What you should do: Restate word for word the lines in the listing below, starting at the line containing "Since image 1: 2.0 s." and ending at the line containing "Since image 1: 4.5 s.", both included; leave out the rest.

[[ The data open ]]

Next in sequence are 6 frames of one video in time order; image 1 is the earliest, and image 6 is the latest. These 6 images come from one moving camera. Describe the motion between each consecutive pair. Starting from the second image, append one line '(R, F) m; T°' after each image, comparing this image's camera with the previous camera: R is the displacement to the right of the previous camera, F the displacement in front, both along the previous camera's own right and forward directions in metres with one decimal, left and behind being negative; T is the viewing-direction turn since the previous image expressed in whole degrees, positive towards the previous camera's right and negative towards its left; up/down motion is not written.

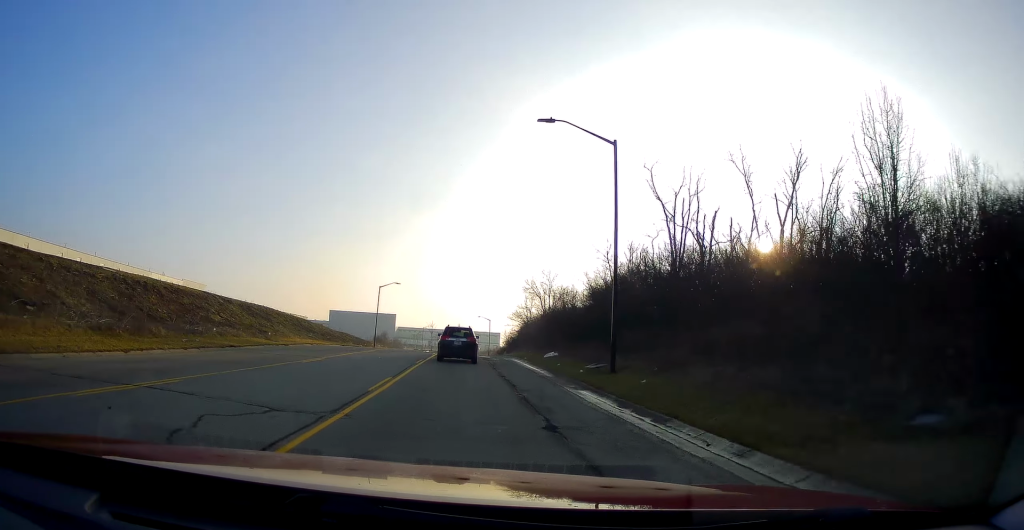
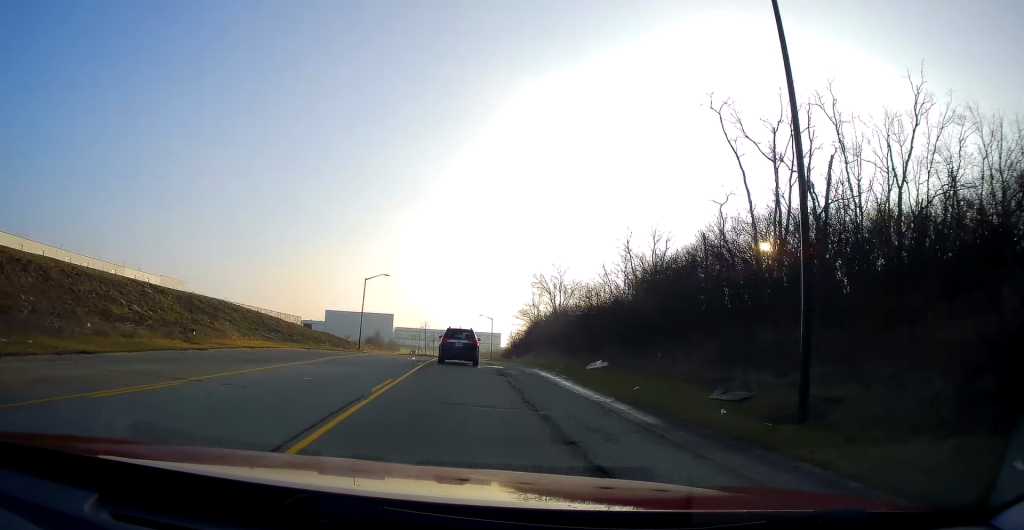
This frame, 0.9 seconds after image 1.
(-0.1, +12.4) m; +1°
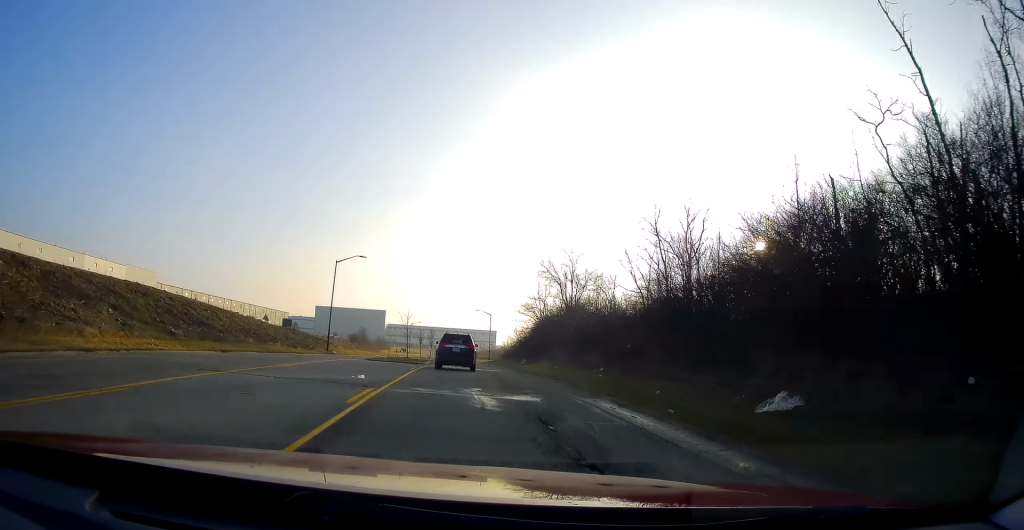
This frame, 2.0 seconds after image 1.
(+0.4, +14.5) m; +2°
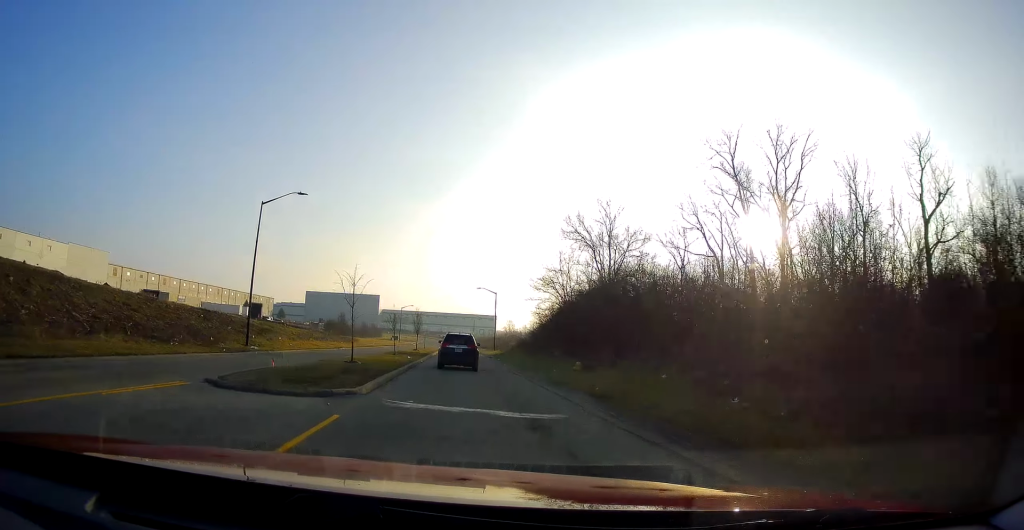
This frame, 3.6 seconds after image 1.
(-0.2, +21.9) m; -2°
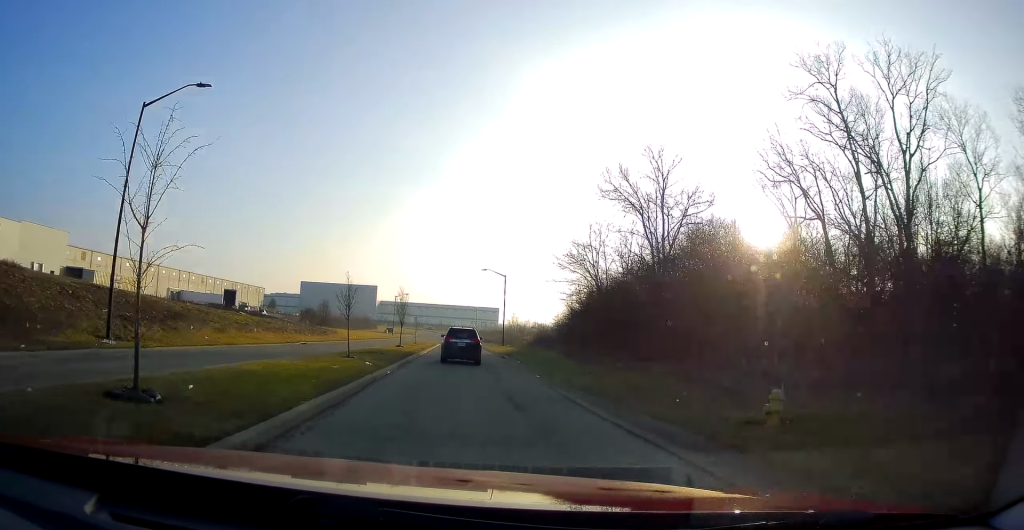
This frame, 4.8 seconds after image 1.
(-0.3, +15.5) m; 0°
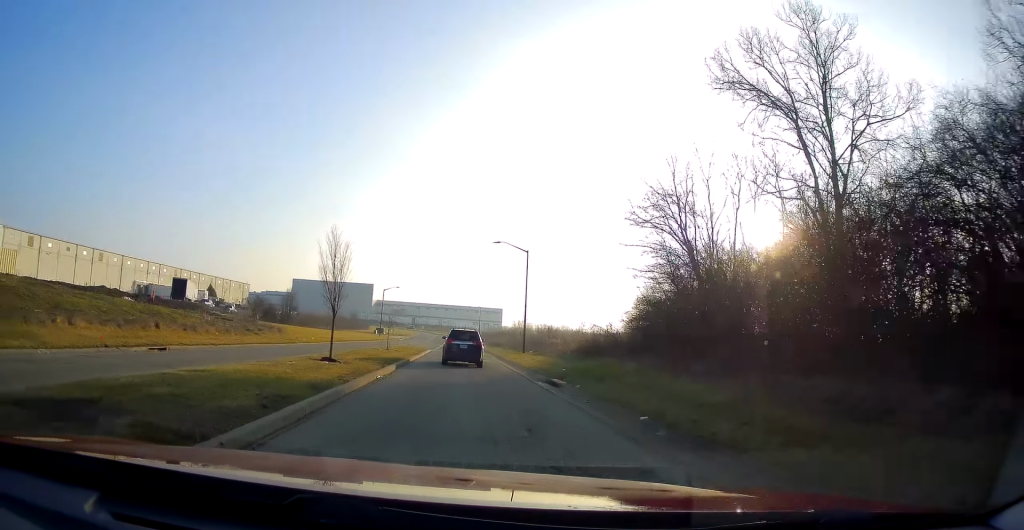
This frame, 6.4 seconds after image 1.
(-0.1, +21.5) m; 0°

[[ The data closed ]]
[[ The data open ]]

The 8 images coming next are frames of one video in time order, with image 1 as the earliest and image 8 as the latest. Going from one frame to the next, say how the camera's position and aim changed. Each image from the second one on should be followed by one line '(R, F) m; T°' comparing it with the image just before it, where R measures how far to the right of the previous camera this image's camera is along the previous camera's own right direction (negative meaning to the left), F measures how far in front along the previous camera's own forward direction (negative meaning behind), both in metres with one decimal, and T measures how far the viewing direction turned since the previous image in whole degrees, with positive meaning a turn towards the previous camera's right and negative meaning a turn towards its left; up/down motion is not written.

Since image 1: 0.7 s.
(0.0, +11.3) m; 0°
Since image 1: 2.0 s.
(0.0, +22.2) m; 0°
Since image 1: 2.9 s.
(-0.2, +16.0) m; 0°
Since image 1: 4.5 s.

[[ The data closed ]]

Response box:
Since image 1: 2.0 s.
(0.0, +22.2) m; 0°
Since image 1: 2.9 s.
(-0.2, +16.0) m; 0°
Since image 1: 4.5 s.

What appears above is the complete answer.